Lebih sering disebut sebagai ‘call to action’. Yaitu ajakan kepada pembaca untuk melakukan sesuatu setelah selesai membaca sebuah artikel, seperti untuk berkomentar, membagikan ke teman melalui media sosial, berlangganan RSS feed dan lain sebagainya.

Biasanya, ajakan ini ditempatkan di akhir tulisan, dimana biasanya pembaca berhenti sejenak sebelum melakukan sesuatu yang lainnya. Namun tentu saja, ajakan ini bisa Anda taruh dimana saja (apakah Anda melihat ajakan di awal-awal artikel ini?).

Silakan berkreativitas dimana menempatkannya lebih baik pada masing-masing artikel.
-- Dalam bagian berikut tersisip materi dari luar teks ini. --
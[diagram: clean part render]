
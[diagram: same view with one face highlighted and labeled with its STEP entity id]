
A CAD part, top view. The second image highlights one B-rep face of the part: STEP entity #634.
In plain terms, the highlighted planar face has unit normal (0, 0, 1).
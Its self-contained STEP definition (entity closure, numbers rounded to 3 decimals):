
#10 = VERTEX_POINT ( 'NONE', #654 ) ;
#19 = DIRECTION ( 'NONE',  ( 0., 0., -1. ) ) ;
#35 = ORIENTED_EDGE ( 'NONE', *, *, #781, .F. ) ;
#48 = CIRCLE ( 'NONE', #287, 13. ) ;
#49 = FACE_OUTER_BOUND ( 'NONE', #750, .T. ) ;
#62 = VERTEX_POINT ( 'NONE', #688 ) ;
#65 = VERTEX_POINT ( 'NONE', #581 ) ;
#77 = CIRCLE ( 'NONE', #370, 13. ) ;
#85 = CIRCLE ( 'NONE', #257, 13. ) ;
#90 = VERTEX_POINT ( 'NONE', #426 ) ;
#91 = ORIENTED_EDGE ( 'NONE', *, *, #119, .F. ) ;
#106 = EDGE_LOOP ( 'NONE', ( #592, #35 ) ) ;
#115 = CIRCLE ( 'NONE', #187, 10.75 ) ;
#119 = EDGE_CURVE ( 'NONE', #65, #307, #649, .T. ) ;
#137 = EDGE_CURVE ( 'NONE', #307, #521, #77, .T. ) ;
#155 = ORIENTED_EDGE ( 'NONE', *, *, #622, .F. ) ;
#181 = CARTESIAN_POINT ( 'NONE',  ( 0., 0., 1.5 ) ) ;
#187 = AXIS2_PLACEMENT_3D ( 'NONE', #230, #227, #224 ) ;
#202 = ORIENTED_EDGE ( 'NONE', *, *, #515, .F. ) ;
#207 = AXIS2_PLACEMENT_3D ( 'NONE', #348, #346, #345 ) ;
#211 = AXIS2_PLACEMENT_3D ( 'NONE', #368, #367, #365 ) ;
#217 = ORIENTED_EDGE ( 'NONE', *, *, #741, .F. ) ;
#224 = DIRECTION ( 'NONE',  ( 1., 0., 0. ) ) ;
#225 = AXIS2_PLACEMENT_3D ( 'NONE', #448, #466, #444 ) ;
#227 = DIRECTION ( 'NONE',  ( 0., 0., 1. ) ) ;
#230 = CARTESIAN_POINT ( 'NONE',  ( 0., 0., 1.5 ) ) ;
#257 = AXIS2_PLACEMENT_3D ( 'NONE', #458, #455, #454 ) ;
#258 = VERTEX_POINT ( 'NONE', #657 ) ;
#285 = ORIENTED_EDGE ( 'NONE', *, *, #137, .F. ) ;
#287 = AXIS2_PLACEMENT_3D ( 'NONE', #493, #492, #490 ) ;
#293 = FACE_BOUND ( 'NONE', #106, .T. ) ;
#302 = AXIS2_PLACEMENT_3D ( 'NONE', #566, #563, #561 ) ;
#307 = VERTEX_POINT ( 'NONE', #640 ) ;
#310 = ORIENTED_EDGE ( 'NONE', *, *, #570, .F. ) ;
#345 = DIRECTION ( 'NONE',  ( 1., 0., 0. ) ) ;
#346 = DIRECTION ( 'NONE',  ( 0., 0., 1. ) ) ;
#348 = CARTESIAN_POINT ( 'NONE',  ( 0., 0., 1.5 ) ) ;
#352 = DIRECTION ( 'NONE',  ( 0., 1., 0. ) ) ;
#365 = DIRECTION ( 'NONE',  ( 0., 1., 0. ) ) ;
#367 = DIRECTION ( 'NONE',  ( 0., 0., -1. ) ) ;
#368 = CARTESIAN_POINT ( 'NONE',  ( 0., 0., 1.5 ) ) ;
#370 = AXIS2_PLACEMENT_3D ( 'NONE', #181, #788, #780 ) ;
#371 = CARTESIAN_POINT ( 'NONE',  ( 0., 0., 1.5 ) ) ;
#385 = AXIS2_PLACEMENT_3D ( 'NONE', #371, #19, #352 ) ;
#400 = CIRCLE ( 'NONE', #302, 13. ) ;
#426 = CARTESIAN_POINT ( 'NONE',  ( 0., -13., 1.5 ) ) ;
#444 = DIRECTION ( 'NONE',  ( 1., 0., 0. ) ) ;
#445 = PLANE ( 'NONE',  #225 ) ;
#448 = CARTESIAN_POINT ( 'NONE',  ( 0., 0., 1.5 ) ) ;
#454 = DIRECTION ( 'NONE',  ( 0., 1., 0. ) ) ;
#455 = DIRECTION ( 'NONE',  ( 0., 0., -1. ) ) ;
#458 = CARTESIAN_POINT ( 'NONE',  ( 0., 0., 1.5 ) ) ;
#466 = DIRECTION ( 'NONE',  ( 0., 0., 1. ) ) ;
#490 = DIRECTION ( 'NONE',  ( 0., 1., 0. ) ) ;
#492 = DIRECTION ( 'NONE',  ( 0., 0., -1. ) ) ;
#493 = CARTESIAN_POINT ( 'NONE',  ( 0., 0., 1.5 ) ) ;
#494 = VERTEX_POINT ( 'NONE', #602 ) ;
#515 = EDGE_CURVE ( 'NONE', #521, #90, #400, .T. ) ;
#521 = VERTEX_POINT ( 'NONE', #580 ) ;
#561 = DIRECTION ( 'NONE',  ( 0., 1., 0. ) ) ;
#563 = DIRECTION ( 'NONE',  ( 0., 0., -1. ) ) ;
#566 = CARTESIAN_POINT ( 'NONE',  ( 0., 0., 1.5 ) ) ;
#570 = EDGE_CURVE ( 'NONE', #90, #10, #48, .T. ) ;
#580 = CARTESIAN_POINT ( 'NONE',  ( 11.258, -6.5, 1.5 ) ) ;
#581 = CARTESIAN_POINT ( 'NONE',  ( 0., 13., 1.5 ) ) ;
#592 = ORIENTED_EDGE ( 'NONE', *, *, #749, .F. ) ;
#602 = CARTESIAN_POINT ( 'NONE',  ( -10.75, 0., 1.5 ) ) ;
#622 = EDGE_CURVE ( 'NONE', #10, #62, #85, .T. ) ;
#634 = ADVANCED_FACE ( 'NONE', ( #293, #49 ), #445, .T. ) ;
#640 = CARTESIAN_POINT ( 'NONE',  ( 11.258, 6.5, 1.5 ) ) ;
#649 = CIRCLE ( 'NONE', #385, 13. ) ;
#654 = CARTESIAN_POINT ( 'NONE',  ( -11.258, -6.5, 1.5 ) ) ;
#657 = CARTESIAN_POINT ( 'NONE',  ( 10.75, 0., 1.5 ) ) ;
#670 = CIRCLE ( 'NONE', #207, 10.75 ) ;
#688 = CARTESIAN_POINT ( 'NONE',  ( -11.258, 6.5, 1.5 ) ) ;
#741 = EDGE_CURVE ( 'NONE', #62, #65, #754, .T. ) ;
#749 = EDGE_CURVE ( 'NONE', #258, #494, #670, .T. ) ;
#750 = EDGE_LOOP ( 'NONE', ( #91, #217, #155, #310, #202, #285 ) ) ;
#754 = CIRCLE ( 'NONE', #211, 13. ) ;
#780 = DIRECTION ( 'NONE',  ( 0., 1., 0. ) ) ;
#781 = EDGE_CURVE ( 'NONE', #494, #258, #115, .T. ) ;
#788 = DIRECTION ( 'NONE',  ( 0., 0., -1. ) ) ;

Lebih lanjut tentang hal ini, baca: Call to Action: Membuat Artikel Lebih ‘Menggigit’.

Sekarang giliran Anda. Ada tambahan tips lainnya? Semoga bermanfaat.

Salam.

Tentang penulis

Gee Jhon

Gee Jhon

Seorang yang suka belajar, senang berbagi dan gemar berdiskusi. Full time kerja online menjadi freelancer desain grafis, Youtuber serta mengelola beberapa blog.

Tulis komentar

4 Komentar

  • @ayu.
    ya itu memang sudah seharusnya, hehe… tulisan singkat padat, to the point seringkali lebih mengena dibandingkan tulisan yg panjang, kosong dan bertele-tele.
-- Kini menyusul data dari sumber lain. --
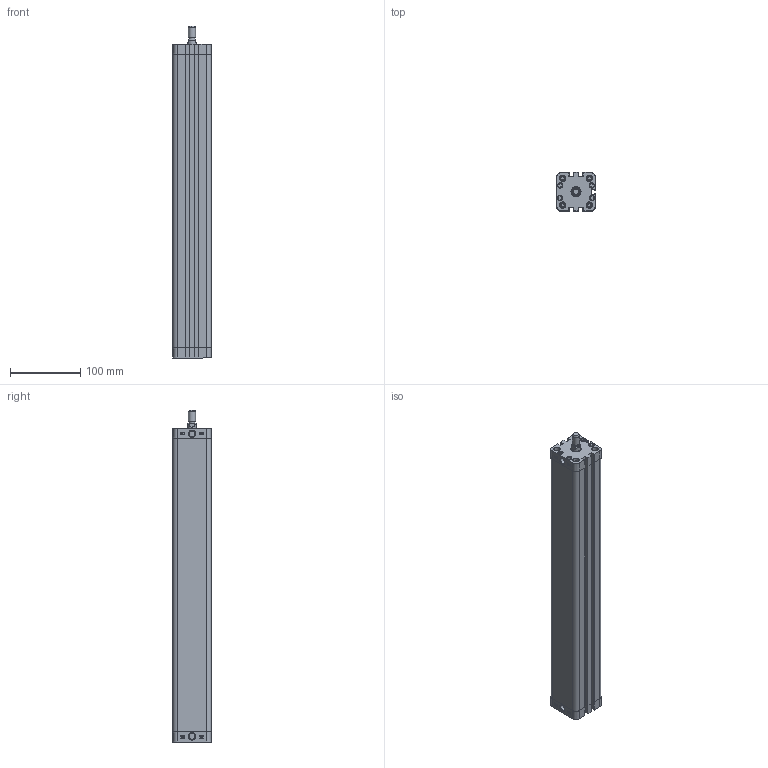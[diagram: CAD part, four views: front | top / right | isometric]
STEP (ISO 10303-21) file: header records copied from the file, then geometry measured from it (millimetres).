
FILE_DESCRIPTION((''),'2;1');
FILE_NAME('PDM040.400.GS.M.stp','2014-01-15T11:18:00',('carlo.corazza'),(''),'Autodesk Inventor 2012','Autodesk Inventor 2012','');
FILE_SCHEMA(('AUTOMOTIVE_DESIGN { 1 0 10303 214 1 1 1 1 }'));
Length unit declared in the file: millimetre
Products named in the file (5): PDM040..GS.M; TP; STELO-400; TA; CORPO-400
Assembly tree (4 placements, depth 2):
  PDM040..GS.M
    TP
    STELO-400
    TA
    CORPO-400
Bounding box: 54.8 x 54.8 x 471 mm (x, y, z)
Volume: 750820.7 mm3; surface area: 207406.9 mm2
Topology: 4 solids, 12 shells, 704 faces, 1779 edges, 1166 vertices
Faces by surface type: plane 351, cylinder 186, bspline 90, torus 45, cone 32
Full cylindrical faces by diameter (mm): 4.917 x1, 5.2 x8, 7.5 x8, 7.7 x8, 7.9 x1, 8.566 x2, 9 x9, 10 x1, 12 x1, 12.54 x1, 13.7 x1, 14 x1, 16.5 x1, 40 x1
Entity records: 22436 total; most frequent: CARTESIAN_POINT 5292, ORIENTED_EDGE 3350, DIRECTION 3162, EDGE_CURVE 1675, VERTEX_POINT 1151, AXIS2_PLACEMENT_3D 1072, VECTOR 1018, LINE 1018

  • Menarik tipsnya mas, memang si umumnya diparagraf pertama rata2 cuma pembuka 🙂 tapi sy selalu usahakan ga terlalu panjang dan mengandung kata2 yang sy ambil dari judul

  • Sebelumnya terima kasih telah berkunjung dan memberi komentar Mas Daniel. Y mmang sih paragraf pembuka bisa menambah jml kata, tapi kembali, jmlah kata yg banyak pun tdk akan berdampak bagus jika terlalu bertele-tele. =D

    Tuk poin ke-4, y betul kt berbagi pengalaman, apa pun yg kita tulis, bukankah adalah pengalaman kita sendiri? Masalahnya jika terlalu 'egosentris' (terlalu banyak menggunakan kata 'saya') akan terkesan tidak baik karena mgkin pembaca merasa diabaikan. Kesimpulan akhir, ttp pengalaman adl guru yg terbaik.

  • yang poin no 1 ane lakukan buat nambah jumlah katanya gan, ane selalu pasang Gambar di Bawah Paragraf utama yang tujuan supaya pengunjung gak baca Paragraf Basa-basi ane.

    kalau Point 4, udah cirikhas. saya selalu memberikan pengalaman saya di artikel, supaya pengunjung bisa belajar dari kesalahan atau keberhasilan yang saya alami.